— Task instructions —
Exact copies of all the entries are required.

Records drawn from a dataset:
-------
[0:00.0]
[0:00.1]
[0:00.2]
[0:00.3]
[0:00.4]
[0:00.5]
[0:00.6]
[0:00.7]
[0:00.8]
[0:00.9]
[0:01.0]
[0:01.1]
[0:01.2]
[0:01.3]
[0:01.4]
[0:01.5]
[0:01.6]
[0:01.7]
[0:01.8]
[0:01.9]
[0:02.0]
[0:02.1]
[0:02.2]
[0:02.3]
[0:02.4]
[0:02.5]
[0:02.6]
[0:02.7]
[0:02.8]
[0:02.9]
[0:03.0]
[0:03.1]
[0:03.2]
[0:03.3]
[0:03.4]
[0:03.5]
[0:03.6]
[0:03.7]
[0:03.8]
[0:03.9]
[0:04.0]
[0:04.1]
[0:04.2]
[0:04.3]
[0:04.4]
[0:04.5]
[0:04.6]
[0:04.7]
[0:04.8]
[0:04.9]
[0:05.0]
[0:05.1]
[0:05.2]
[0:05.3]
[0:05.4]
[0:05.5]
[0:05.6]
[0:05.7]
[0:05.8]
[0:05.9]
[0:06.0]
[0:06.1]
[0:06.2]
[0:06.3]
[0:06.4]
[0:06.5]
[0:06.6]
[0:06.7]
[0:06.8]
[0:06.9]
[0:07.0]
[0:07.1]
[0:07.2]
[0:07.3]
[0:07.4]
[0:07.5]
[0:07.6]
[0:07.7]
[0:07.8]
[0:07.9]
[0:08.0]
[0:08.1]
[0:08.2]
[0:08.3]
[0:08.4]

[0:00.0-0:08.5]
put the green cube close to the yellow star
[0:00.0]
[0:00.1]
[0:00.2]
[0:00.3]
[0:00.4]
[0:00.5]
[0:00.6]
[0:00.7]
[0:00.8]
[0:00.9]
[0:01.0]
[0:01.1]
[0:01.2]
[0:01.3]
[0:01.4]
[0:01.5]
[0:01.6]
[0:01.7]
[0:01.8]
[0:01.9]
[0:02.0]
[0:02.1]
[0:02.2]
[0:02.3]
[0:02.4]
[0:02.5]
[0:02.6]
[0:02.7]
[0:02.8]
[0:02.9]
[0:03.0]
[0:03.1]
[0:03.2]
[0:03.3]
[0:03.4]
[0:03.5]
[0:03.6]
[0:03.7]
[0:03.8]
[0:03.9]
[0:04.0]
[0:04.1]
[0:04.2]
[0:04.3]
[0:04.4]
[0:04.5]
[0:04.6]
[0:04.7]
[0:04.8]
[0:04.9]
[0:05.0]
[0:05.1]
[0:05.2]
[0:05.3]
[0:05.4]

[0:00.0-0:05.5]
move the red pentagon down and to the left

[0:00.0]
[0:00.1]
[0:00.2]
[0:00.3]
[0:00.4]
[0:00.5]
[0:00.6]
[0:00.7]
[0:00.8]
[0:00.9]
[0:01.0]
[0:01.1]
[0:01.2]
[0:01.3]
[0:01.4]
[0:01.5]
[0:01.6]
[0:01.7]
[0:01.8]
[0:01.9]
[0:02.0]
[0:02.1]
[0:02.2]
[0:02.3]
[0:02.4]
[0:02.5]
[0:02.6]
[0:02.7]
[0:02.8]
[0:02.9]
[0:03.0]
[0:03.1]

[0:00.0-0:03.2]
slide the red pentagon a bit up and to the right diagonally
-------
— Response to the exercise —
[0:00.0]
[0:00.1]
[0:00.2]
[0:00.3]
[0:00.4]
[0:00.5]
[0:00.6]
[0:00.7]
[0:00.8]
[0:00.9]
[0:01.0]
[0:01.1]
[0:01.2]
[0:01.3]
[0:01.4]
[0:01.5]
[0:01.6]
[0:01.7]
[0:01.8]
[0:01.9]
[0:02.0]
[0:02.1]
[0:02.2]
[0:02.3]
[0:02.4]
[0:02.5]
[0:02.6]
[0:02.7]
[0:02.8]
[0:02.9]
[0:03.0]
[0:03.1]
[0:03.2]
[0:03.3]
[0:03.4]
[0:03.5]
[0:03.6]
[0:03.7]
[0:03.8]
[0:03.9]
[0:04.0]
[0:04.1]
[0:04.2]
[0:04.3]
[0:04.4]
[0:04.5]
[0:04.6]
[0:04.7]
[0:04.8]
[0:04.9]
[0:05.0]
[0:05.1]
[0:05.2]
[0:05.3]
[0:05.4]
[0:05.5]
[0:05.6]
[0:05.7]
[0:05.8]
[0:05.9]
[0:06.0]
[0:06.1]
[0:06.2]
[0:06.3]
[0:06.4]
[0:06.5]
[0:06.6]
[0:06.7]
[0:06.8]
[0:06.9]
[0:07.0]
[0:07.1]
[0:07.2]
[0:07.3]
[0:07.4]
[0:07.5]
[0:07.6]
[0:07.7]
[0:07.8]
[0:07.9]
[0:08.0]
[0:08.1]
[0:08.2]
[0:08.3]
[0:08.4]

[0:00.0-0:08.5]
put the green cube close to the yellow star
[0:00.0]
[0:00.1]
[0:00.2]
[0:00.3]
[0:00.4]
[0:00.5]
[0:00.6]
[0:00.7]
[0:00.8]
[0:00.9]
[0:01.0]
[0:01.1]
[0:01.2]
[0:01.3]
[0:01.4]
[0:01.5]
[0:01.6]
[0:01.7]
[0:01.8]
[0:01.9]
[0:02.0]
[0:02.1]
[0:02.2]
[0:02.3]
[0:02.4]
[0:02.5]
[0:02.6]
[0:02.7]
[0:02.8]
[0:02.9]
[0:03.0]
[0:03.1]
[0:03.2]
[0:03.3]
[0:03.4]
[0:03.5]
[0:03.6]
[0:03.7]
[0:03.8]
[0:03.9]
[0:04.0]
[0:04.1]
[0:04.2]
[0:04.3]
[0:04.4]
[0:04.5]
[0:04.6]
[0:04.7]
[0:04.8]
[0:04.9]
[0:05.0]
[0:05.1]
[0:05.2]
[0:05.3]
[0:05.4]

[0:00.0-0:05.5]
move the red pentagon down and to the left

[0:00.0]
[0:00.1]
[0:00.2]
[0:00.3]
[0:00.4]
[0:00.5]
[0:00.6]
[0:00.7]
[0:00.8]
[0:00.9]
[0:01.0]
[0:01.1]
[0:01.2]
[0:01.3]
[0:01.4]
[0:01.5]
[0:01.6]
[0:01.7]
[0:01.8]
[0:01.9]
[0:02.0]
[0:02.1]
[0:02.2]
[0:02.3]
[0:02.4]
[0:02.5]
[0:02.6]
[0:02.7]
[0:02.8]
[0:02.9]
[0:03.0]
[0:03.1]

[0:00.0-0:03.2]
slide the red pentagon a bit up and to the right diagonally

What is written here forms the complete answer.